--- DATASET EXCERPTS Enclosed Below ---

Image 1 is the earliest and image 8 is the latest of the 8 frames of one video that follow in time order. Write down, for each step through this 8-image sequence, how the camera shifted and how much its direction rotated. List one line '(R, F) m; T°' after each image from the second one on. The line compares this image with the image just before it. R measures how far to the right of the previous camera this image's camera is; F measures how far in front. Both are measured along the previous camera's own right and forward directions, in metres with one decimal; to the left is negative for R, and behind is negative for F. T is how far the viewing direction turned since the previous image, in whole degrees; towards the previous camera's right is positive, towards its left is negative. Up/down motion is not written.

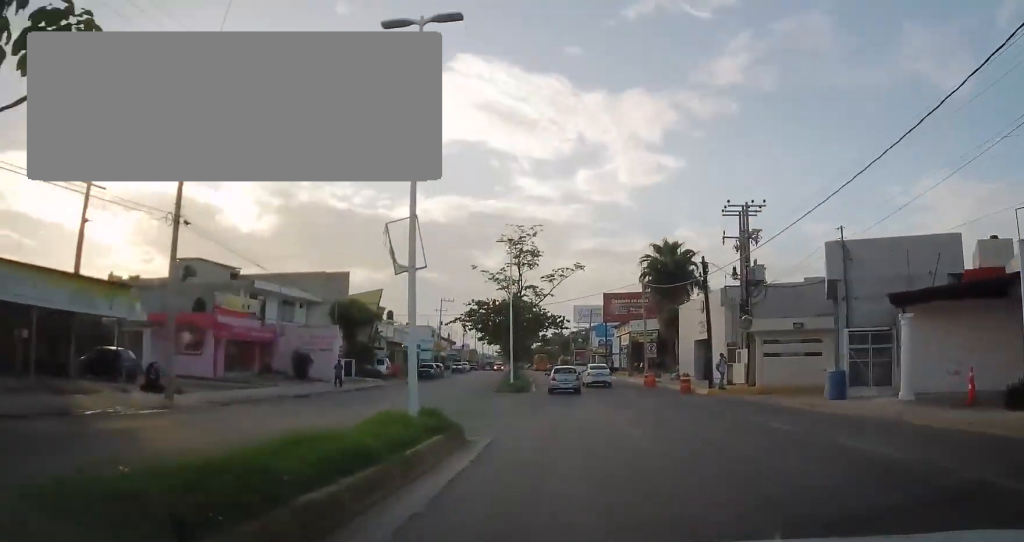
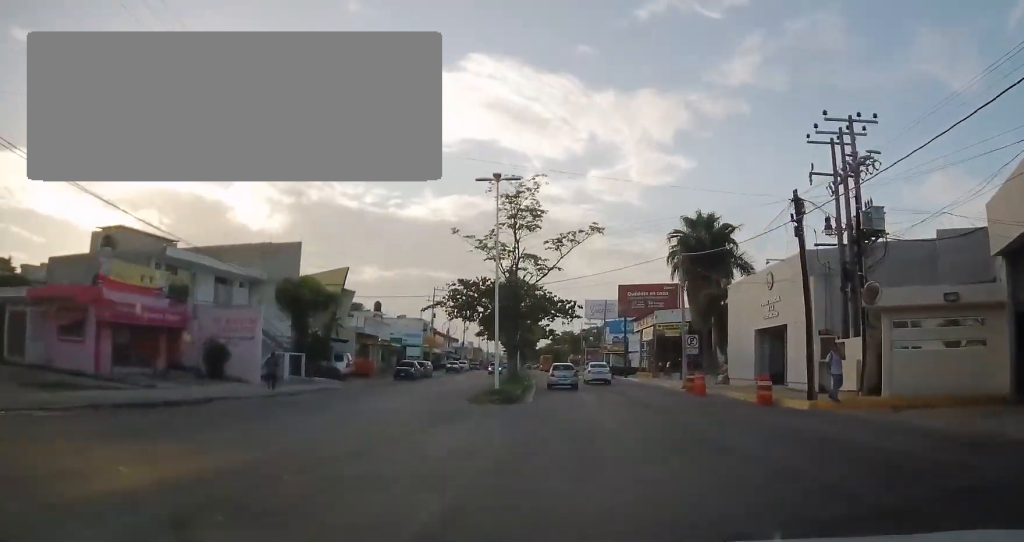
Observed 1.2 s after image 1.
(+0.1, +11.1) m; -1°
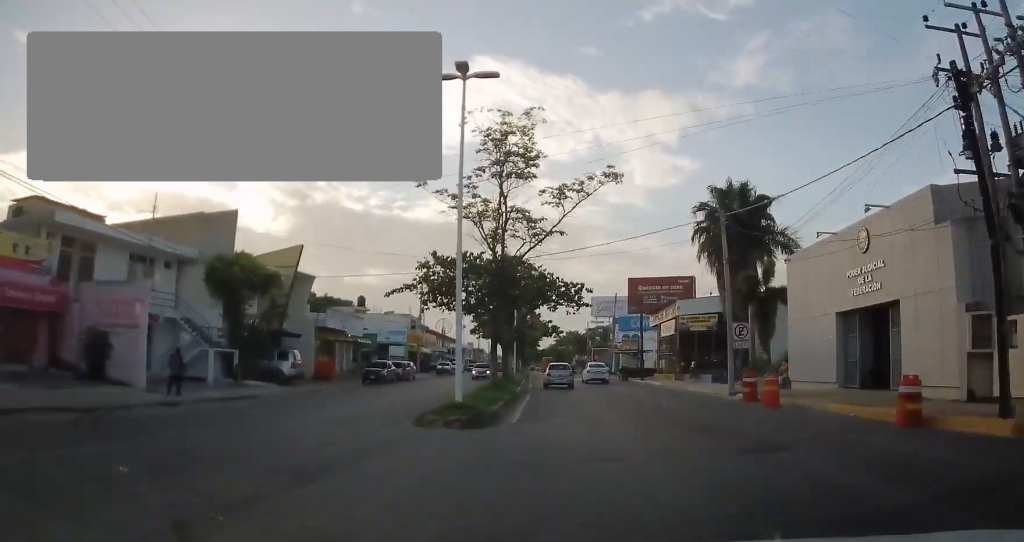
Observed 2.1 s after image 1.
(-0.2, +8.8) m; -1°
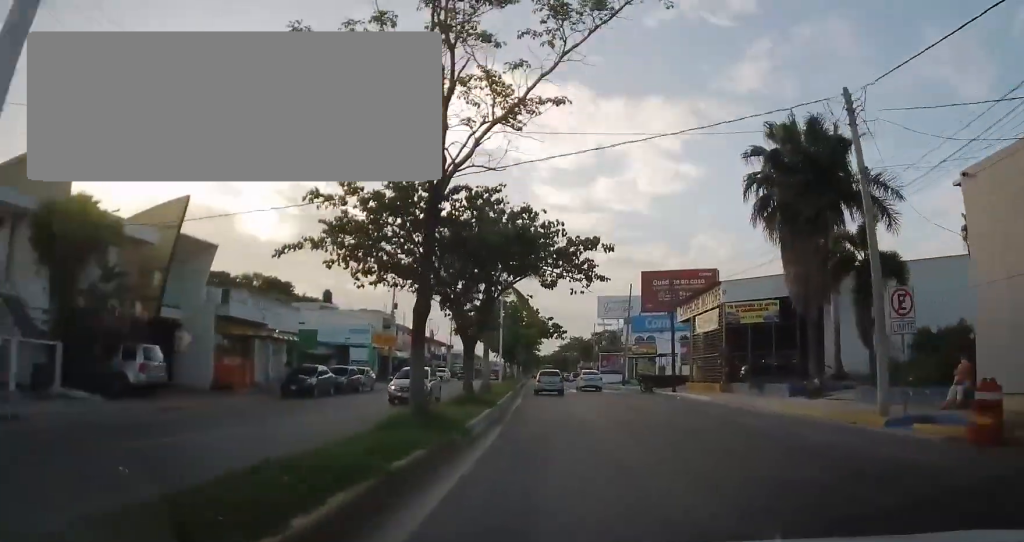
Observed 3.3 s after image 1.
(0.0, +12.5) m; +1°
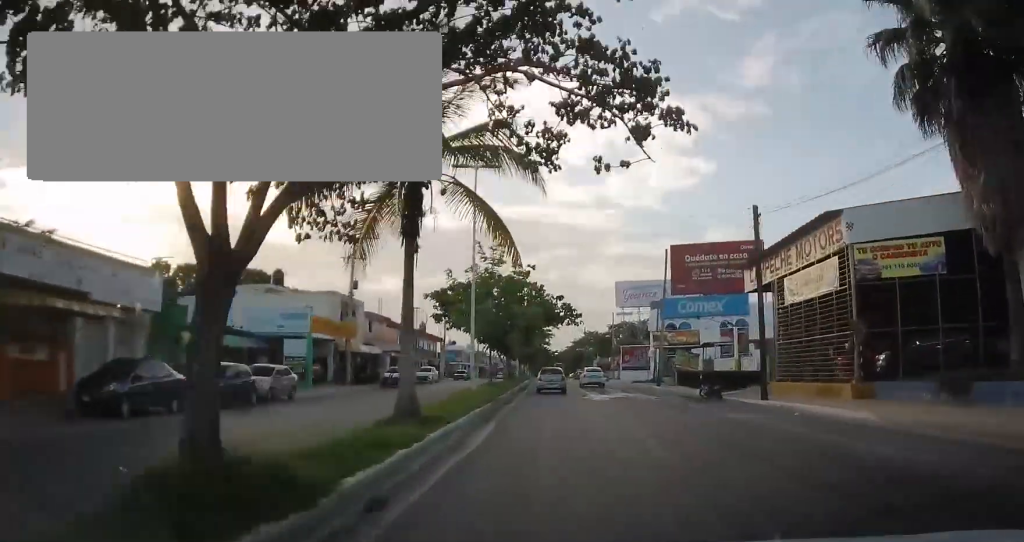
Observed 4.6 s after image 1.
(+0.1, +14.6) m; +1°
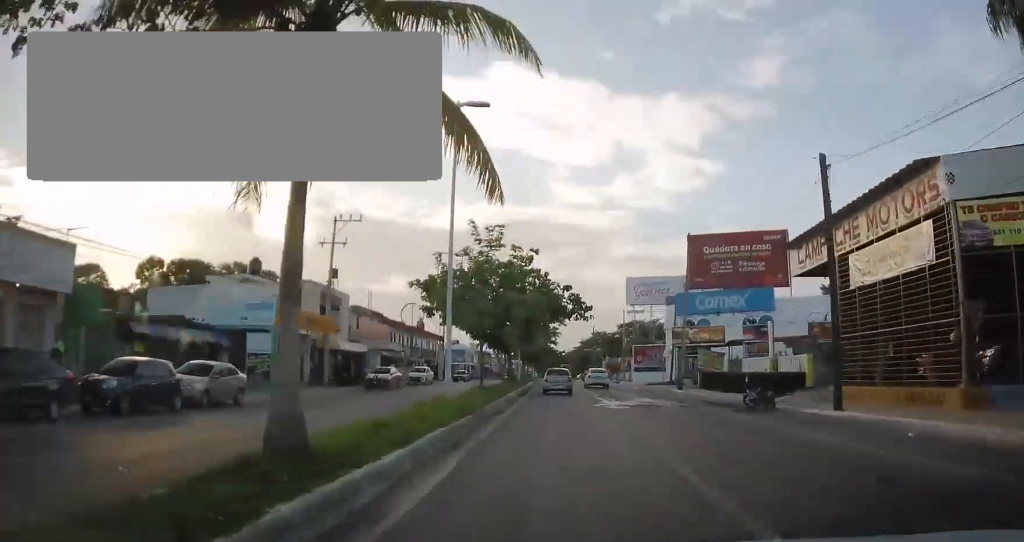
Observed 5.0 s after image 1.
(+0.1, +5.6) m; -1°
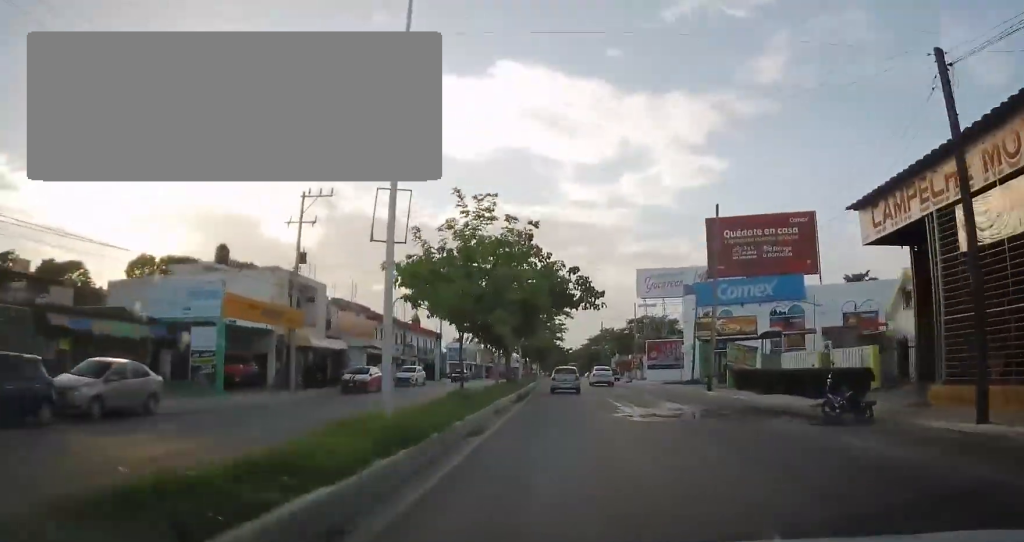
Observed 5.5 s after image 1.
(+0.2, +6.0) m; -1°
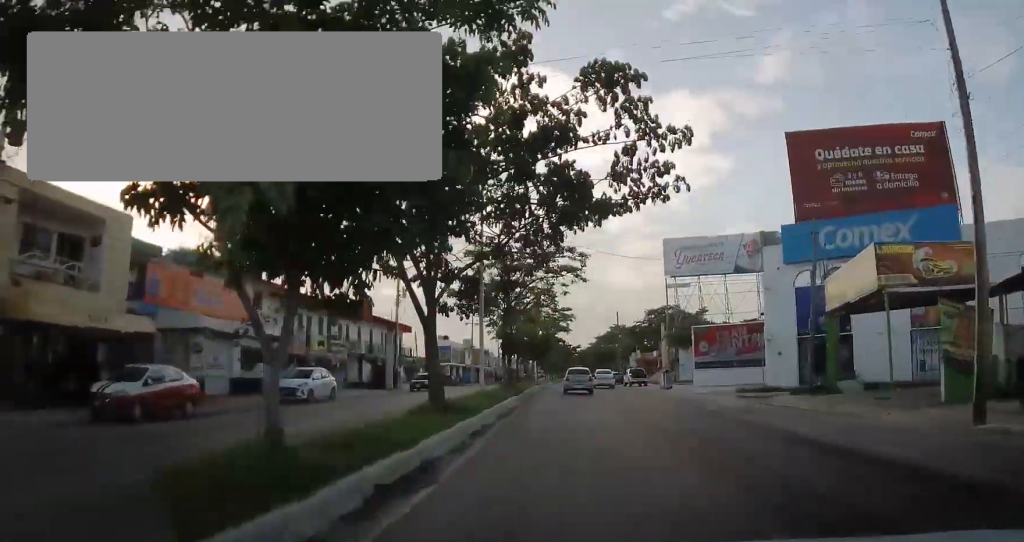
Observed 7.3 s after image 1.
(-1.2, +21.2) m; -3°

--- End of Enclosed DATASET EXCERPTS ---

_TASK DETAILS_
Only the lines from the one with "Observed 1.2 s after image 1." through the final line of the entries belong in the answer, set down exactly, with both ends included and no pictures.

_RESPONSE TO THE TASK_
Observed 1.2 s after image 1.
(+0.1, +11.1) m; -1°
Observed 2.1 s after image 1.
(-0.2, +8.8) m; -1°
Observed 3.3 s after image 1.
(0.0, +12.5) m; +1°
Observed 4.6 s after image 1.
(+0.1, +14.6) m; +1°
Observed 5.0 s after image 1.
(+0.1, +5.6) m; -1°
Observed 5.5 s after image 1.
(+0.2, +6.0) m; -1°
Observed 7.3 s after image 1.
(-1.2, +21.2) m; -3°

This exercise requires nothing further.